COL Legislature should reject bills to repeal privacy law
By Kip Sullivan
Early in April, with no notice to the public, committees in the House and Senate approved an amendment to a bill (SF 1998/HF2303) that would repeal Minnesota's medical privacy law. That law states that doctors may not release patient medical records to third parties (including health insurance companies) without patient consent.
The author of the House bill is Tim Wilkin, a Republican who hails from Eagan, which just happens to be Blue Cross Blue Shield's home town.
Late in April, Sen. Sheila Kiscaden, I-Rochester, introduced SF 2241, which contains a provision that gives HMOs authority to release patient medical records to third parties without patient consent.
The combined effect of these bills would be to permit HMOs to demand medical records from doctors without patient consent, and to turn those records over to hundreds of thousands of third parties without patient consent.
Since the advent of managed care three decades ago, Minnesota's health insurance companies have been practicing medicine. That is, they argue with doctors about decisions doctors have made on behalf of their patients. Because you can't practice medicine without access to patient medical records, Blue Cross and other companies have for decades required doctors to turn over patient medical records when asked. Many contracts between Minnesota insurers and doctors include provisions that require doctors to make medical records available to insurers without patient consent. Doctors who sign these contracts are, in effect, agreeing to violate state law.
About 10 years ago, the national health insurance industry began a campaign to get Congress to legitimize its relatively new habit of pawing through medical records without patient consent. Their efforts led to a provision in the 1996 Health Insurance Portability and Accountability Act (HIPAA) that authorized the president to promulgate a single national regulation governing access to medical records. In December 2001, President Clinton announced regulations that would require health plans to get patient consent before perusing medical records.
This was not the outcome the health insurance industry had in mind. The industry immediately set about lobbying the incoming Bush administration to reverse course. Two years later, the administration obliged. It announced new HIPAA regulations which said insurers did not have to get patient consent if the purpose for seizing the records fell into one of three laughably vague categories -- "payment, treatment, or health care operations." The new regulation took effect in April 2003.
However, the original 1996 HIPAA law stated that the HIPAA regulations could not supersede any state law that was more protective of patient privacy than the HIPAA regulations. That meant that Minnesota's strong medical privacy law was still in force. That meant, in other words, that the health plans' habit of seizing medical records without patient consent was still illegal in Minnesota. Hence, the 11th-hour effort by Medica and other companies to amend SF 1998/HF 2303 to repeal our medical privacy statute. In its new form, the bill repeals all Minnesota laws that are inconsistent with Mr. Bush's HIPAA regulation.

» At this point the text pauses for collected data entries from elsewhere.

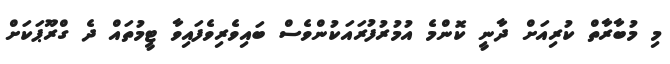
މި މުބާރާތް ކުރިއަށް ދާނީ ކޮންމެ އުމުރުފުރައަކުންވެސް ބައިވެރިވެފައިވާ ޓީމުތައް ދެ ގްރޫޕަކަށް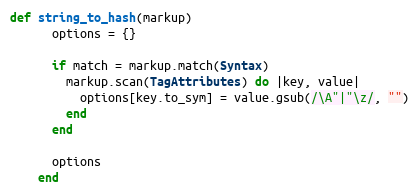
Language: Ruby
def string_to_hash(markup)
      options = {}

      if match = markup.match(Syntax)
        markup.scan(TagAttributes) do |key, value|
          options[key.to_sym] = value.gsub(/\A"|"\z/, "")
        end
      end

      options
    end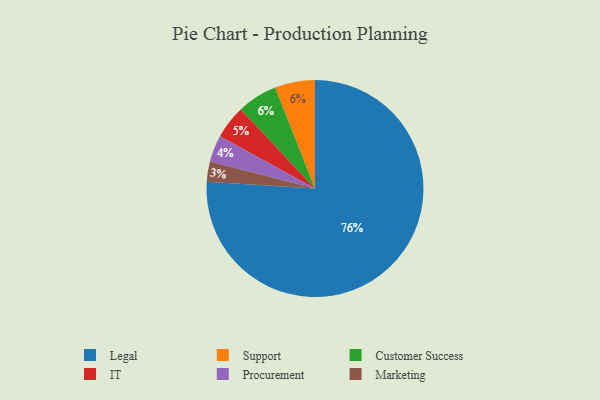
{"axis": {"x": "Category", "y": "Percentage"}, "legend": ["Customer Success", "IT", "Legal", "Marketing", "Procurement", "Support"], "data": [{"x": "Marketing", "y": 3, "type": "Marketing"}, {"x": "Support", "y": 6, "type": "Support"}, {"x": "Procurement", "y": 4, "type": "Procurement"}, {"x": "Customer Success", "y": 6, "type": "Customer Success"}, {"x": "IT", "y": 5, "type": "IT"}, {"x": "Legal", "y": 76, "type": "Legal"}]}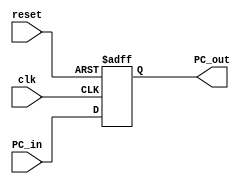
`timescale 1ns / 1ps
//////////////////////////////////////////////////////////////////////////////////
// Company: 
// Engineer: 
// 
// Design Name: 
// Module Name: program_counter
// Project Name: 
// Target Devices: 
// Tool Versions: 
// Description: 
// 
// Dependencies: 
// 
// Revision:
// Revision 0.01 - File Created
// Additional Comments:
// 
//////////////////////////////////////////////////////////////////////////////////
module program_counter(
input clk,reset,
input [31:0] PC_in,
output reg [31:0] PC_out
    );
    always @(posedge clk , negedge reset)
    begin
    if(!reset)
    PC_out <= 32'h0;
    else
    PC_out <= PC_in;
    end
    initial
    begin
     //$display("........................................");
     $display("..................Program_Counter is executed.............................");
     
    // $monitor("@time=%0t,clk = %0h,reset=%0h,PC_in=%0h,PC_out=%0h",$time,clk,reset,PC_in,PC_out,);
    end
    
//    initial 
//    begin 
//    #50    PC_in = 32'b0000_0000_1010_0000_0000_0101_0001_0011; 
//    #50    PC_in = 32'b0000_0000_1010_0000_1000_0101_0001_0011;
//    #50    PC_in = 32'b0000_0000_1010_0001_0000_0101_0001_0011; 
//    #50    PC_in = 32'b0000_0000_1010_0001_1000_0101_0001_0011;      
//    #50    PC_in = 32'b0000_0000_1010_0010_0000_0101_0001_0011; 
//    #50    PC_in = 32'b0000_0000_1010_0010_1000_0101_0001_0011;  
//    #50    PC_in = 32'b0000_0000_1010_0011_0000_0101_0001_0011; 
//    #50    PC_in = 32'b0000_0000_1010_0011_1000_0101_0001_0011;  
//    #50    PC_in = 32'b0000_0000_1010_0100_0000_0101_0001_0011; 
//    end
endmodule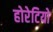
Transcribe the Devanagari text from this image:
होरेटियो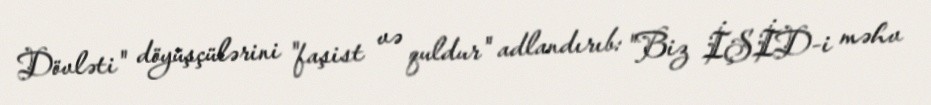
Dövləti" döyüşçülərini "faşist və quldur" adlandırıb: "Biz İŞİD-i məhv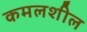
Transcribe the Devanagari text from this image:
कमलशील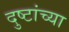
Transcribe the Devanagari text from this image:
दुष्टांच्या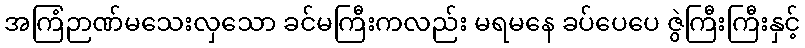
အကြံဉာဏ်မသေးလှသော ခင်မကြီးကလည်း မရမနေ ခပ်ပေပေ ဇွဲကြီးကြီးနှင့်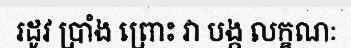
រដូវ ប្រាំង ព្រោះ វា បង្ក លក្ខណៈ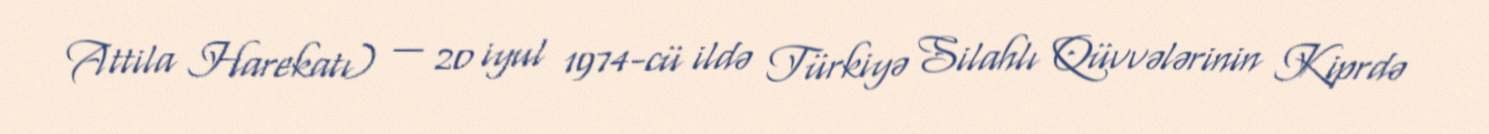
Attila Harekatı) — 20 iyul 1974-cü ildə Türkiyə Silahlı Qüvvələrinin Kiprdə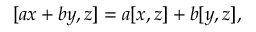
[ a x + b y , z ] = a [ x , z ] + b [ y , z ] ,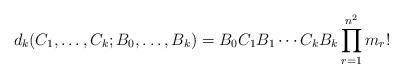
LaTeX: \begin{align*}d_k(C_1,\dots, C_k; B_0, \dots, B_k)=B_0C_1B_1\cdots C_kB_k\prod_{r=1}^{n^2}m_r!\end{align*}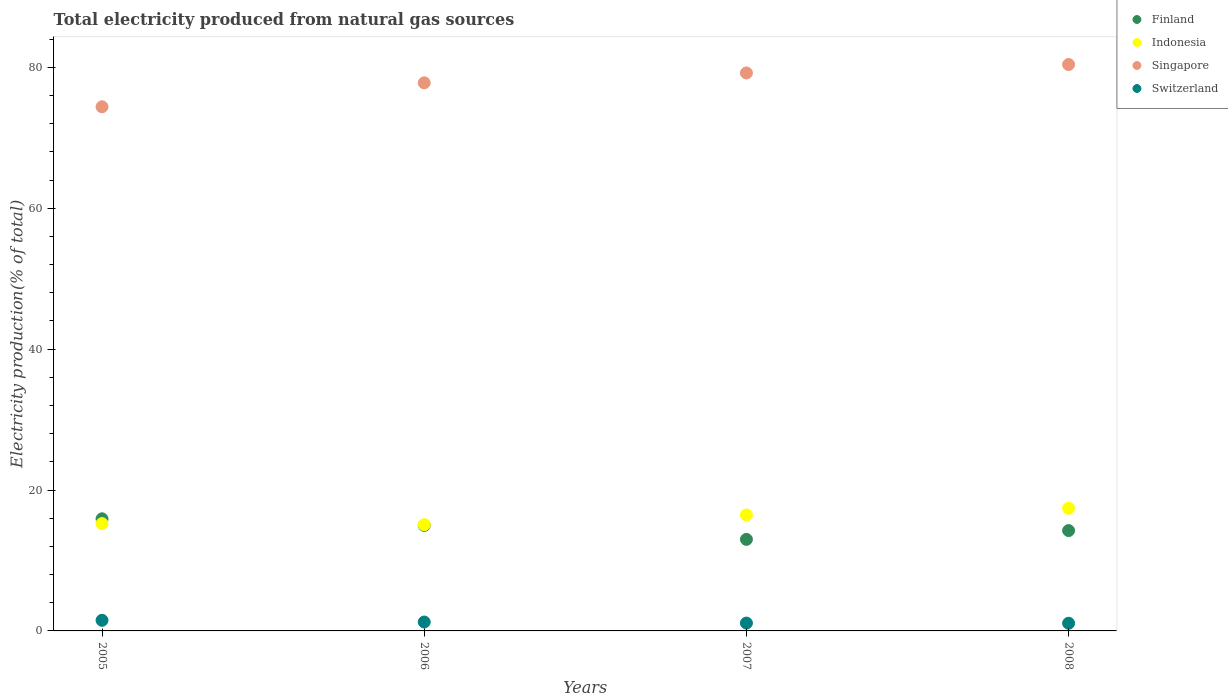
| Years | Finland | Indonesia | Singapore | Switzerland |
 | --- | --- | --- | --- | --- |
 | 2005 | 15.9 | 15.2 | 74.4 | 1.51 |
 | 2006 | 15 | 15.1 | 77.8 | 1.26 |
 | 2007 | 13 | 16.5 | 79.2 | 1.12 |
 | 2008 | 14.2 | 17.4 | 80.4 | 1.09 |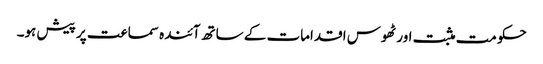
حکومت مثبت اور ٹھوس اقدامات کے ساتھ آئندہ سماعت پر پیش ہو۔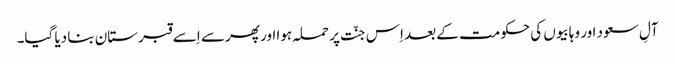
آلِ سعود اور وہابیوں کی حکومت کے بعد اِس جنّت پر حملہ ہوا اور پھر سے اِسے قبرستان بنا دیا گیا۔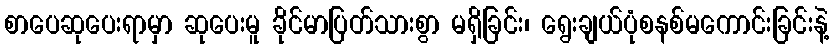
စာပေဆုပေးရာမှာ ဆုပေးမူ ခိုင်မာပြတ်သားစွာ မရှိခြင်း၊ ရွေးချယ်ပုံစနစ်မကောင်းခြင်းနဲ့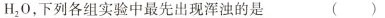
H _ { 2 } 0$$，下列各组实验中最先出现浑浊的是 ( )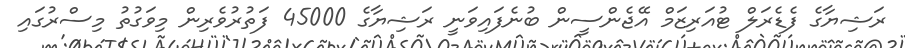
ރަޝިޔާގެ ފެޑެރަލް ޓުއަރިޒަމް އޭޖެންސީން ބުނެފައިވަނީ ރަޝިޔާގެ 45000 ފަތުރުވެރިން މިވަގުތު މިސްރުގައި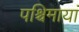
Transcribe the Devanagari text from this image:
पश्चिमायां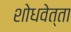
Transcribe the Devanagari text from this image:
शोधवेत्ता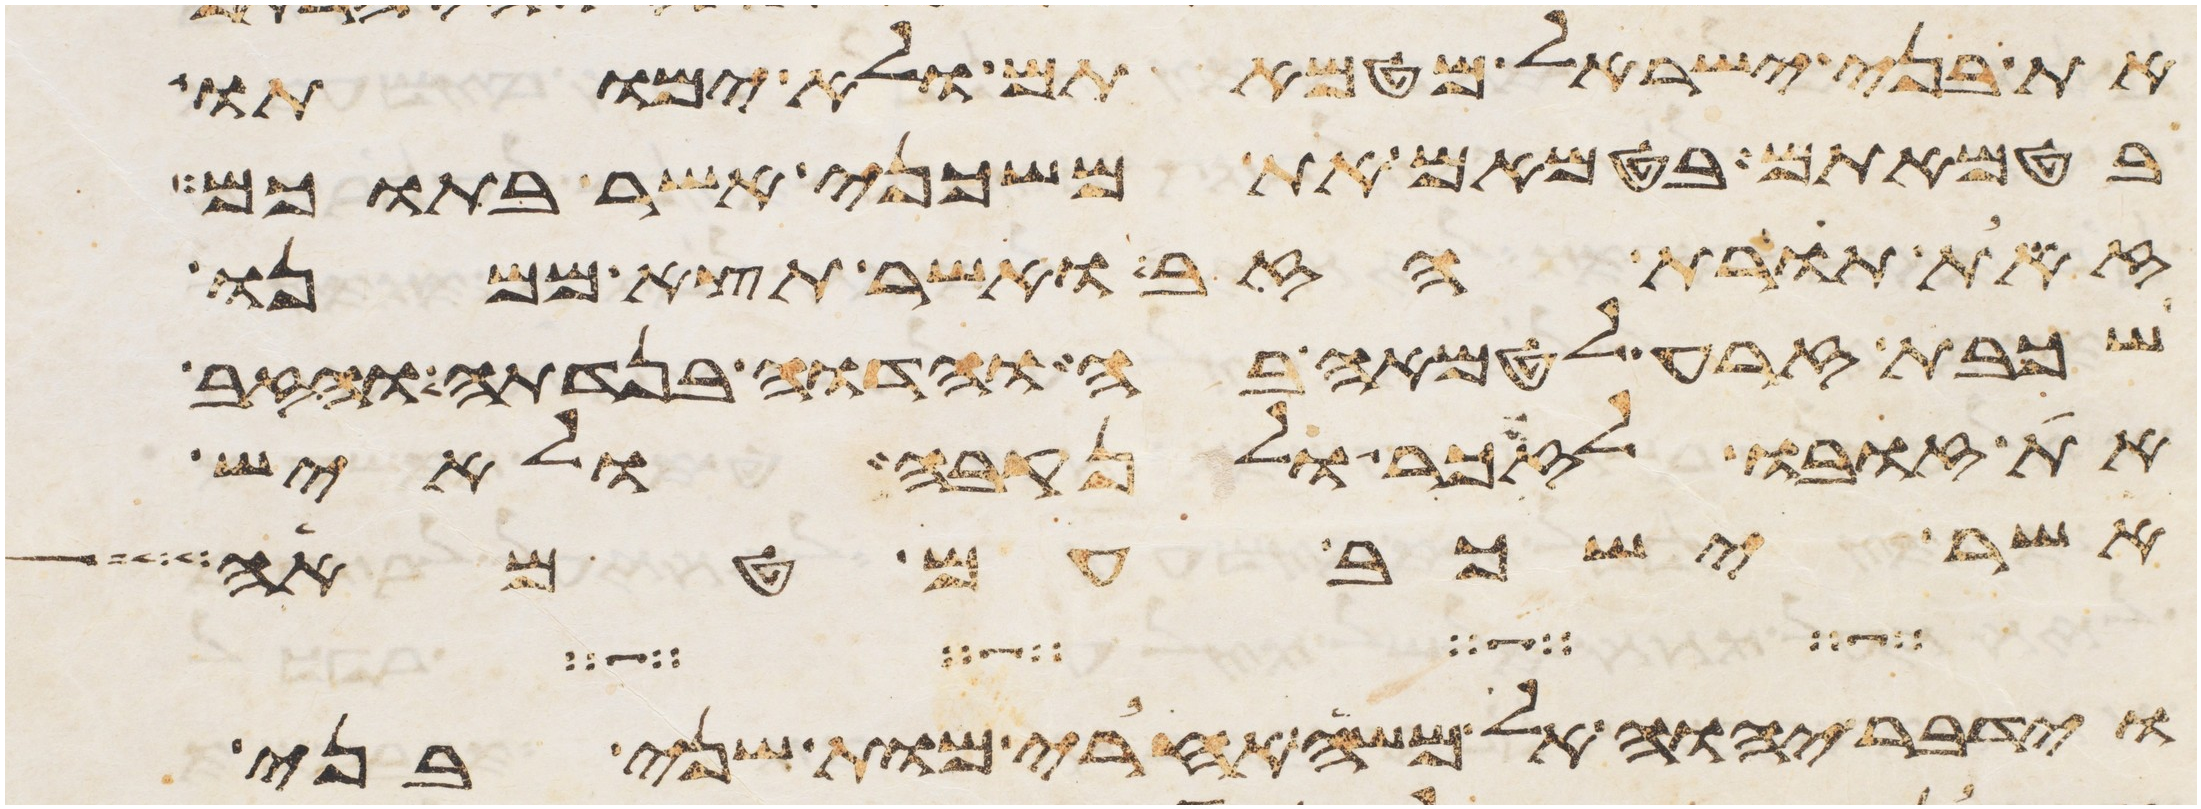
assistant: את בני ישראל מטמאתם ולא ימותו
בטמאתם בטמאם את משכני אשר בתוכם
זאת תורת הזב ואשר תצא ממנו
שכבת זרע לטמאה בה והדוה בנדתה והזב
את זובו לזכר ולנקבה ולאיש
אשר ישכב עם טמאה
וידבר יהוה אל משה אחרי מות שני בני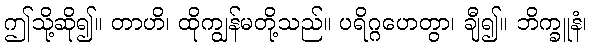
ဤသို့ဆို၍။ တာဟိ၊ ထိုကျွန်မတို့သည်။ ပရိဂ္ဂဟေတွာ၊ ချီ၍။ ဘိက္ခူနံ၊

Sen. Kiscaden's bill puts icing on the HMOs' cake by making it clear that once HMOs get their hands on our medical records they are free to pass them on to third parties for "payment, treatment, or health care operations," that is to say, for all the reasons HMOs seize our files now.
If managed care had proven to be a boon to Minnesota, legislation granting HealthPartners and other companies the right to rifle through medical records might make sense. But managed care has been a disaster here and throughout the nation. There is no reason on earth for the Legislature to enact these awful bills.
Kip Sullivan of Minneapolis is a member of the steering committee of the Minnesota Universal Health Care Coalition.